> WHAT TO DO: Copy, with no pictures, the line that contains "Which species of insect is this?" and each line after it down to the end of the entries below, exactly.

> RECORDS SHOWN:
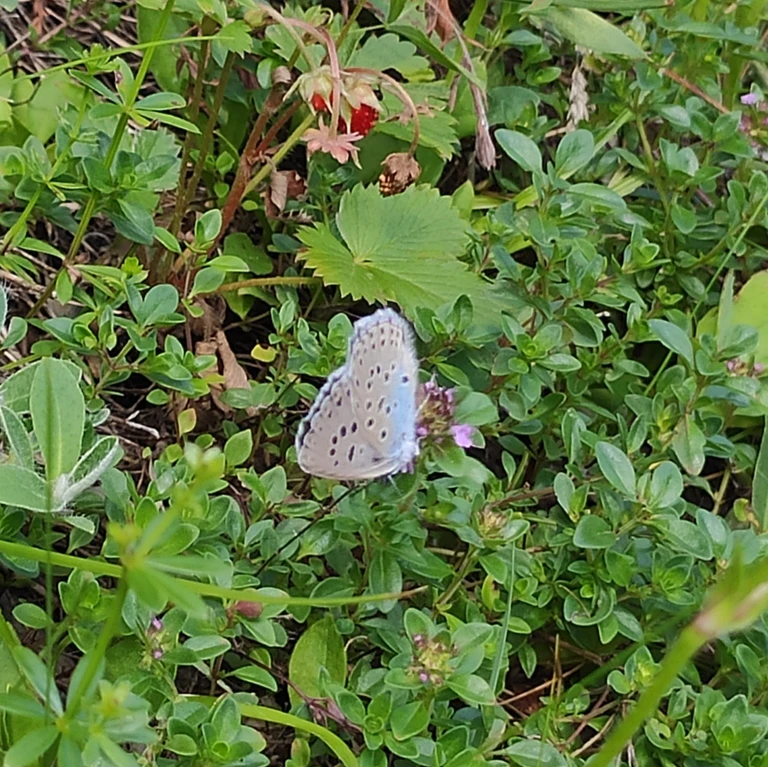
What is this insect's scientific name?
Phengaris arion (also Maculinea arion)
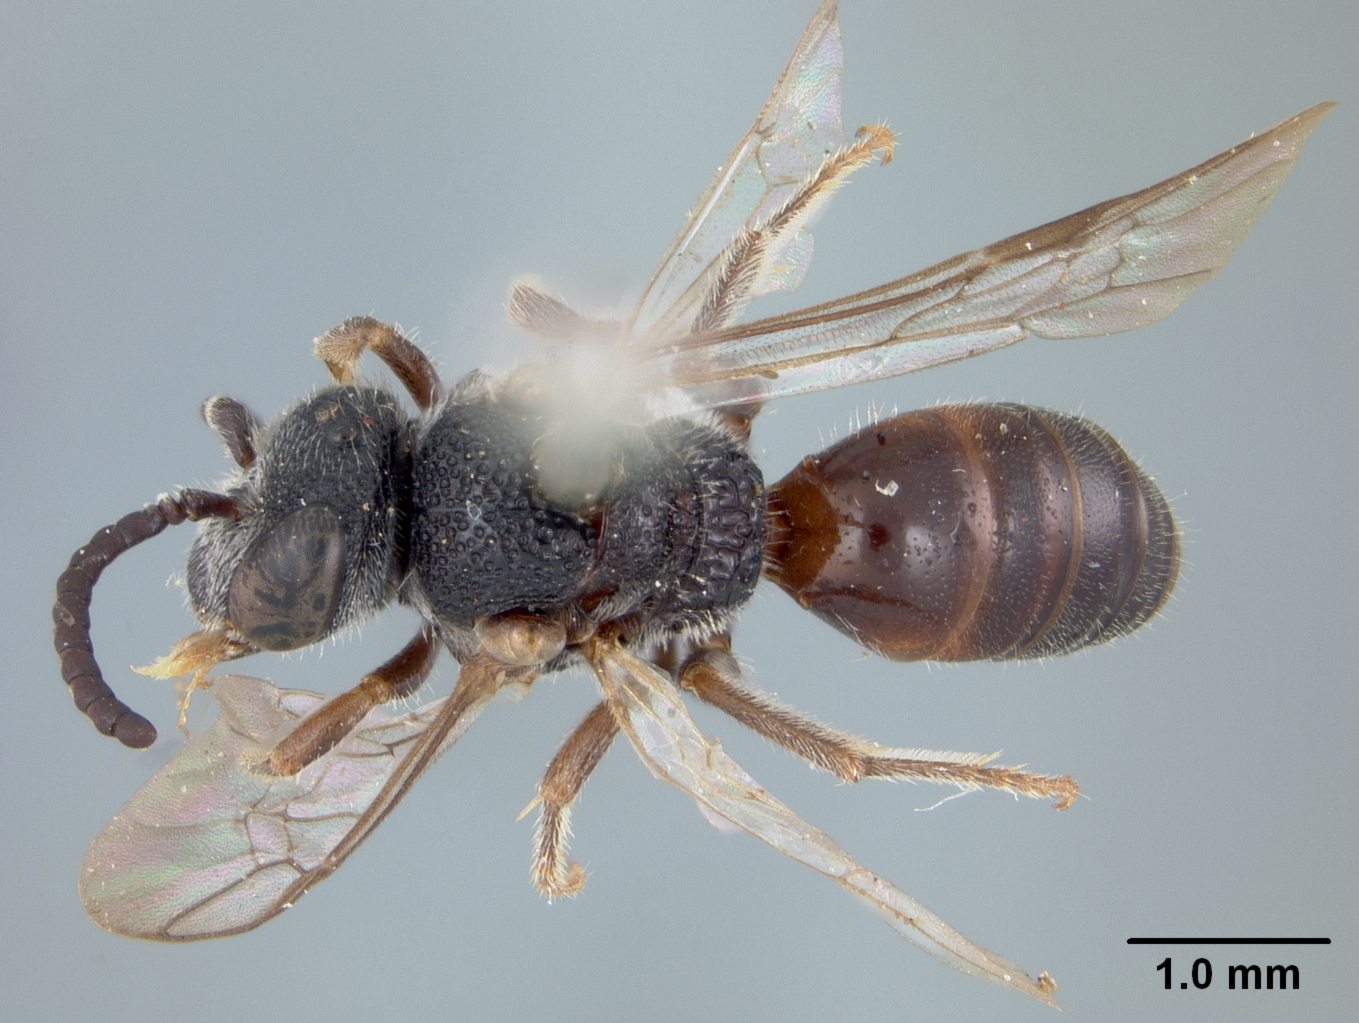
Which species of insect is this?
Sphecodes tristellus
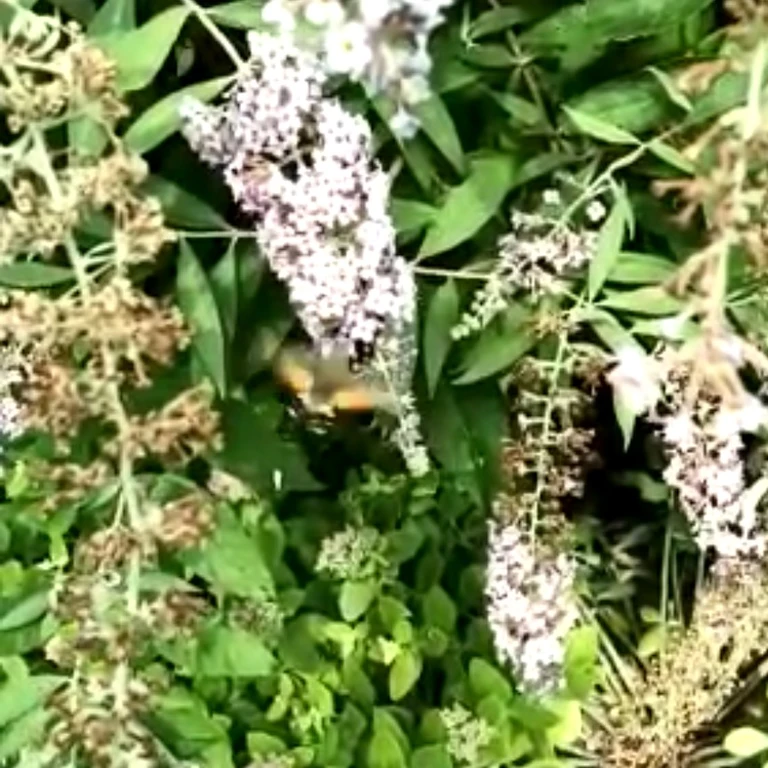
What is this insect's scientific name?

> THE COMPLETED TASK:
Which species of insect is this?
Sphecodes tristellus
What is this insect's scientific name?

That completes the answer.